A top U.S. diplomat said yesterday that she accomplished her mission on a recent visit to Sudan, despite press reports that suggested the Sudanese president snubbed her by keeping her waiting for an appointment for several days.

News dispatches on the visit last month by Jendayi Frazer, assistant secretary of state for African affairs, also said she failed to persuade the president, Lt. Gen. Omar Bashir, to allow peacekeepers from the United Nations to replace a force from the African Union that is trying to monitor a fragile cease-fire in the Darfur region, where the government has been accused of genocide against black African villagers.

Miss Frazer told Embassy Row yesterday that the United States was never under the illusion that Gen. Bashir would allow the United Nations to replace the African peacekeepers, whose mandate expires on Sept. 30.

She said her mission was aimed more at demonstrating to members of the U.N. Security Council, especially China, that Washington was willing to consult with the Sudanese government before the United Nations imposes its peacekeepers on Sudan.

“The reporting was factually skewed,” Miss Frazer said.

News dispatches, picked up by Embassy Row last week, said Gen. Bashir at first refused to see Miss Frazer and decided only at the last minute to grant her an audience. She explained that she arrived on Aug. 26 and spent the next day in meetings with top government officials. Her meeting with Gen. Bashir originally was set for late in the afternoon on Aug. 28 but delayed until the next day because of his own scheduling problems, she said.

Miss Frazer held talks with Gen. Bashir at his home in what she described as a “cordial” meeting. She delivered a letter from President Bush, urging Gen. Bashir to recognize that the African Union troops were overburdened and needed to be supplemented by U.N. forces.

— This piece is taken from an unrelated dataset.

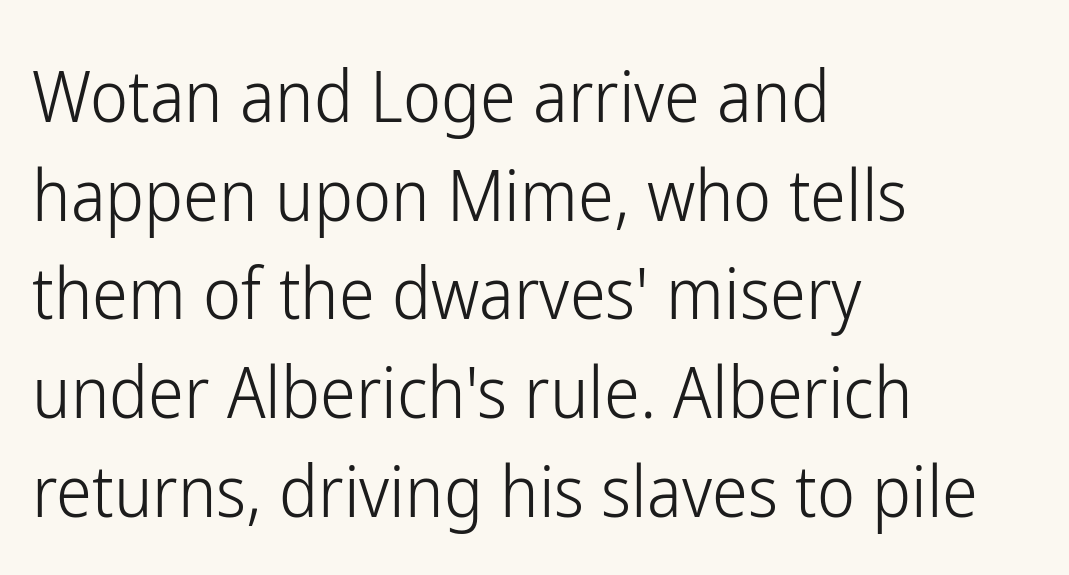
{"serif": "no", "italic": "no", "bold": "no", "weight": "light", "width": "condensed", "stroke_contrast": "low", "x_height": "medium", "monospaced": "no", "underline": "no", "align": "left", "line_spacing": "normal", "line_spacing_ratio": 1.37, "letter_spacing": "normal", "letter_spacing_em": 0.0, "glyph_px": 72}

She explained that the Security Council does not need Gen. Bashir’s permission to deploy the peacekeepers. Of the 7,000 African forces currently in Sudan, about 5,000 have sufficient training to serve under U.N. command, Miss Frazer said.

The Security Council resolution authorizing the peacekeepers only “invites the consent,” not the approval, of the Sudanese government, she added.

“The Sudanese want an African force or forces from Muslim countries, and we said, ‘By all means,’” Miss Frazer said.

On another issue she raised with Gen. Bashir, the Sudanese leader promised to examine the case of an American journalist, Paul Salopek, who has been charged with espionage. He was arrested last month while on assignment for the Chicago Tribune and National Geographic.

Irish protest treat

Irish-American groups this week mounted a final effort to stop the Senate from ratifying a new extradition treaty with Britain, claiming the measure could be used to “target and intimidate” opponents of British rule in Northern Ireland.

The Senate Foreign Relations Committee tomorrow is due to consider the treaty, signed in 2003 to update provisions for the transfer of suspected terrorists and others accused of routine crime. Opponents argue that both American and British suspects have less protection because the treaty allows the secretary of state or the British government, instead of the courts in both countries, to make final decisions on extradition requests.

“This treaty is intended to target and intimidate Americans for past, present and future activity in opposition to British misrule in Ireland,” said Robert Linnon, president of the Irish American Unity Conference.

His group joined the Ancient Order of Hibernians, the Brehon Law Society, Irish Northern Aid, the Ladies Ancient Order of Hibernians and the American Civil Liberties Union in denouncing the treaty.

In Senate testimony in July, Deputy Attorney General Paul J. McNulty defended the treaty as a “modern” document with full civil liberties protection and similar to those with France, Hungary and India.